The Zvezda Kh-35U (Russian: ?-35?; AS-20 'Kayak') is the jet-launched version of a Russian subsonic anti-ship missile. The same missile can also be launched from helicopters, surface ships and coastal defence batteries with the help of a rocket booster, in which case it is known as Uran ('Uranus';SS-N-25 'Switchblade'; GRAU 3M24) or Bal ('Baal';SSC-6 'Stooge';GRAU 3K60). It is also nicknamed Harpoonski for its similarity to the AGM-84 Boeing Harpoon. It is designed to attack vessels up to 5000 tons.

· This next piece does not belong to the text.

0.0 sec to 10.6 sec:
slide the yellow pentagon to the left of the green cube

The mobile coastal missile system BAL-E equipped with Kh-35 Uran (SS-N-25 'Switchblade', 3M-24) anti-ship missiles is intended for:
- maintaining control over strait zones and marginal waters
- protecting naval bases and other coastal military installations
- protecting coastal areas exposed to risk of seaborne assault
- gaining dominance on the sea within missiles' kill zone.

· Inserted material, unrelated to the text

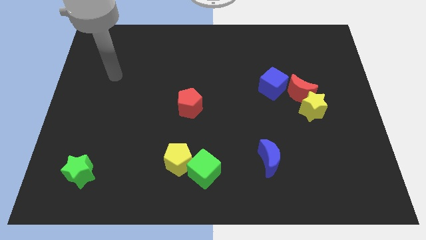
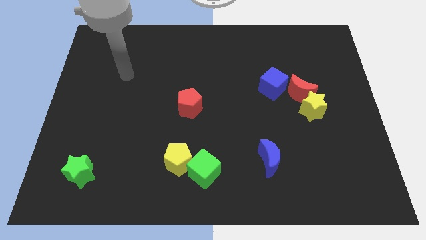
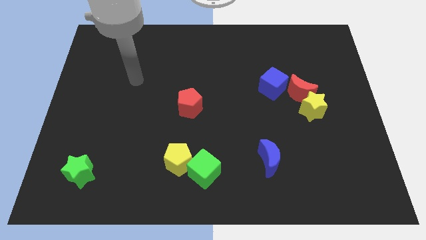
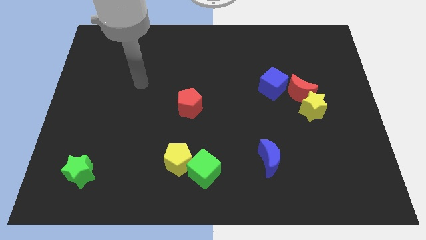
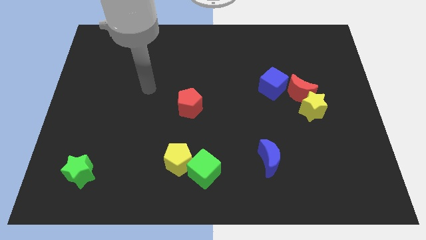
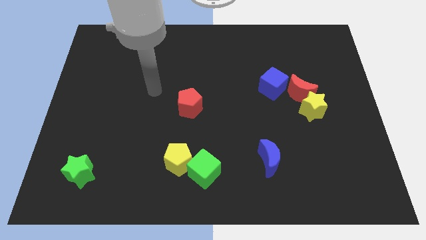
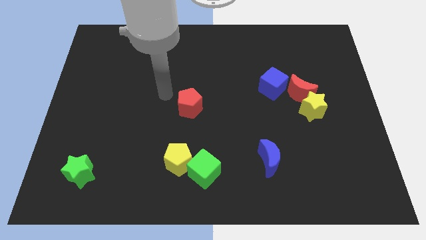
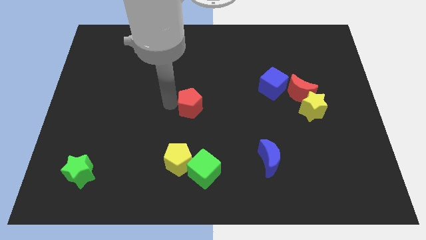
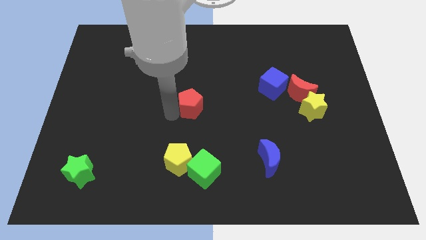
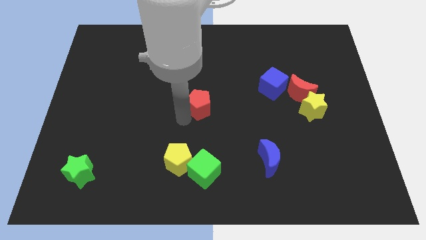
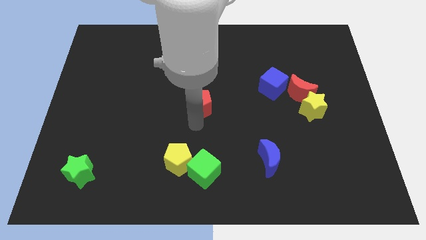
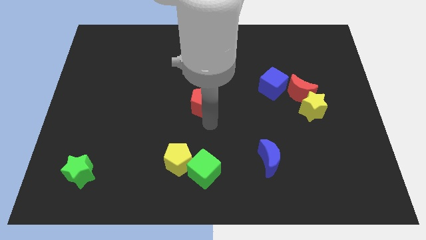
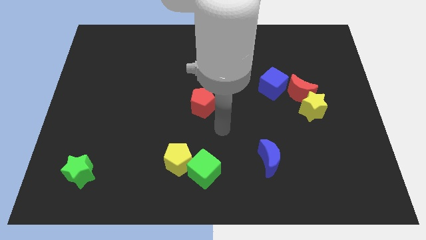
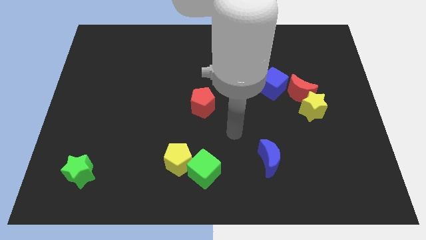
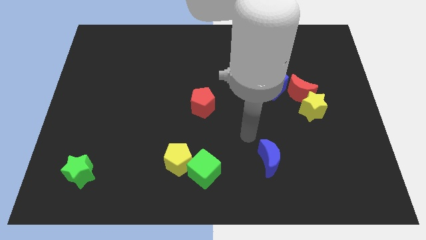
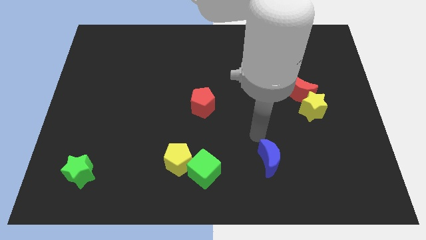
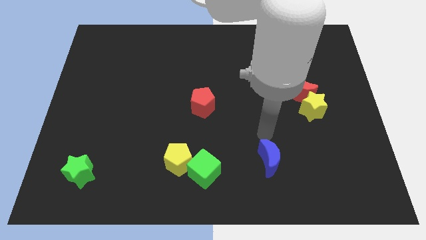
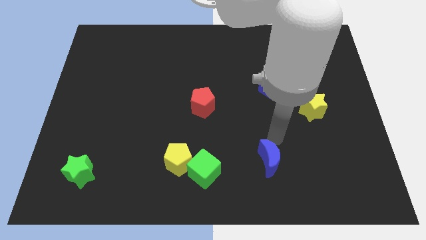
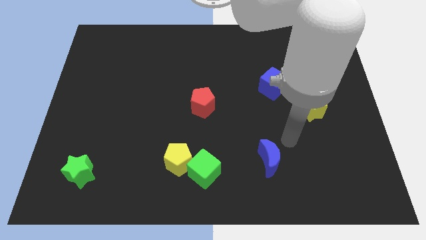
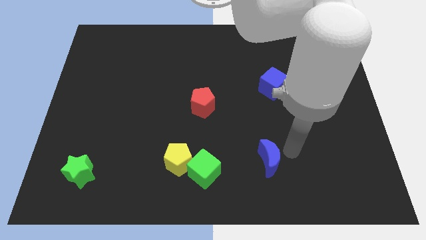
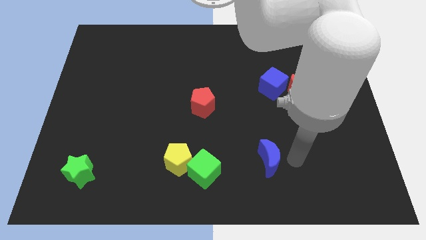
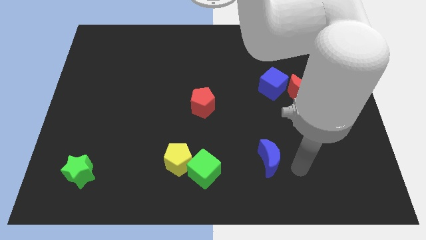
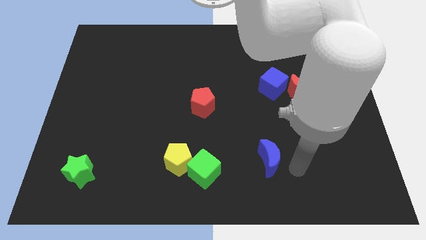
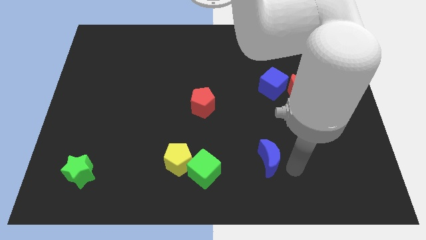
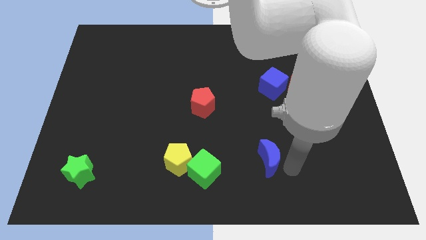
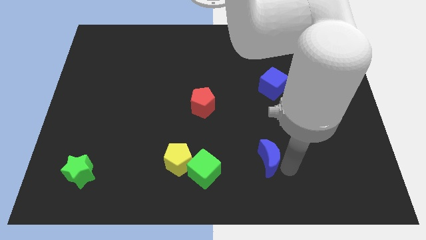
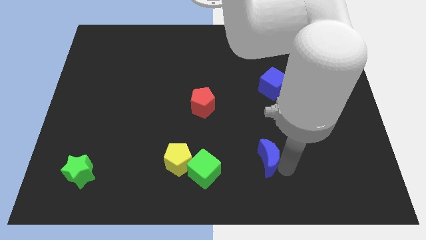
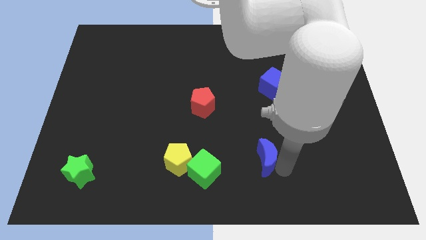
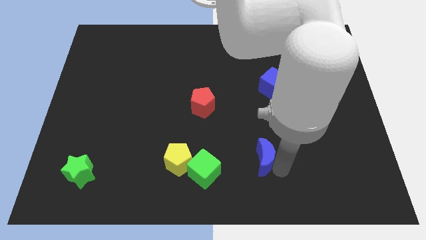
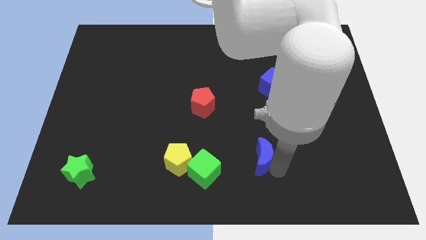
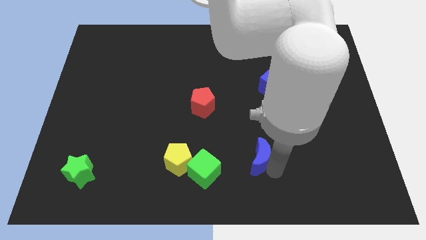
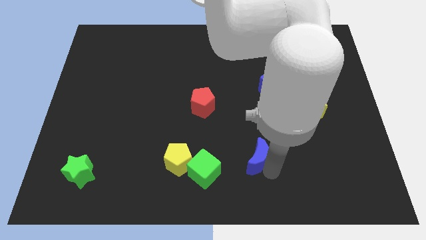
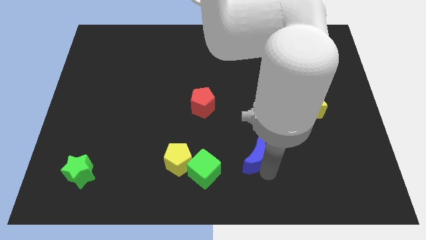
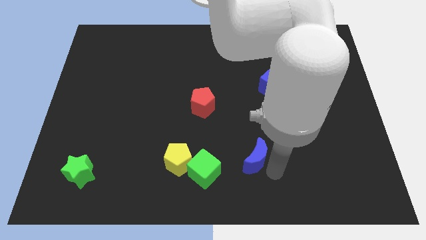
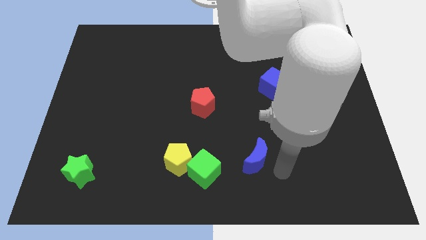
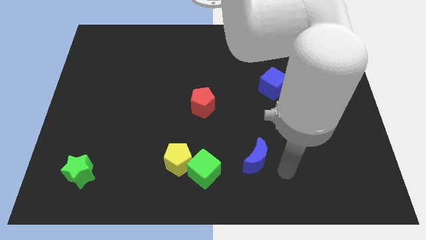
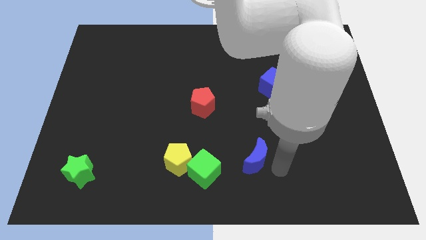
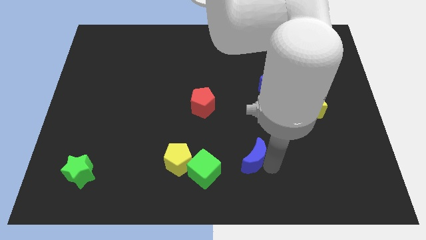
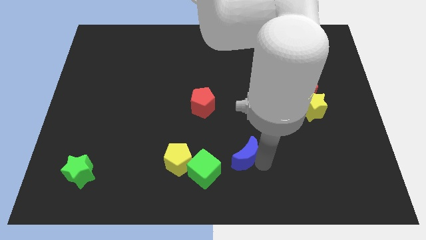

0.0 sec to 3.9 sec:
move the blue moon diagonally up and to the right of the green cube

The Bal-E mobile coastal missile system with the KH-35 type anti-ship missile was developed on the order of the Russian Navy in the late 1990s and adopted for service in 2008. The system consists of a self-propelled command control and communications centre, self-propelled launchers, a transport and reloader machine and communications vehicle, a total of up to 11 special vehicles. The coastal missile system is capable of hitting targets at ranges up to 120 kilometers at any time and under any weather conditions. The time of deployment after a march - 10 minutes, cruising range - 850 kilometers, ammunition - 64 missiles, the number of missiles in one salvo - 32. By 2015 the maximum range of the 3K60 'Ball' coastal defense system, featuring the Kh-35U missile, had been upped to 300 km.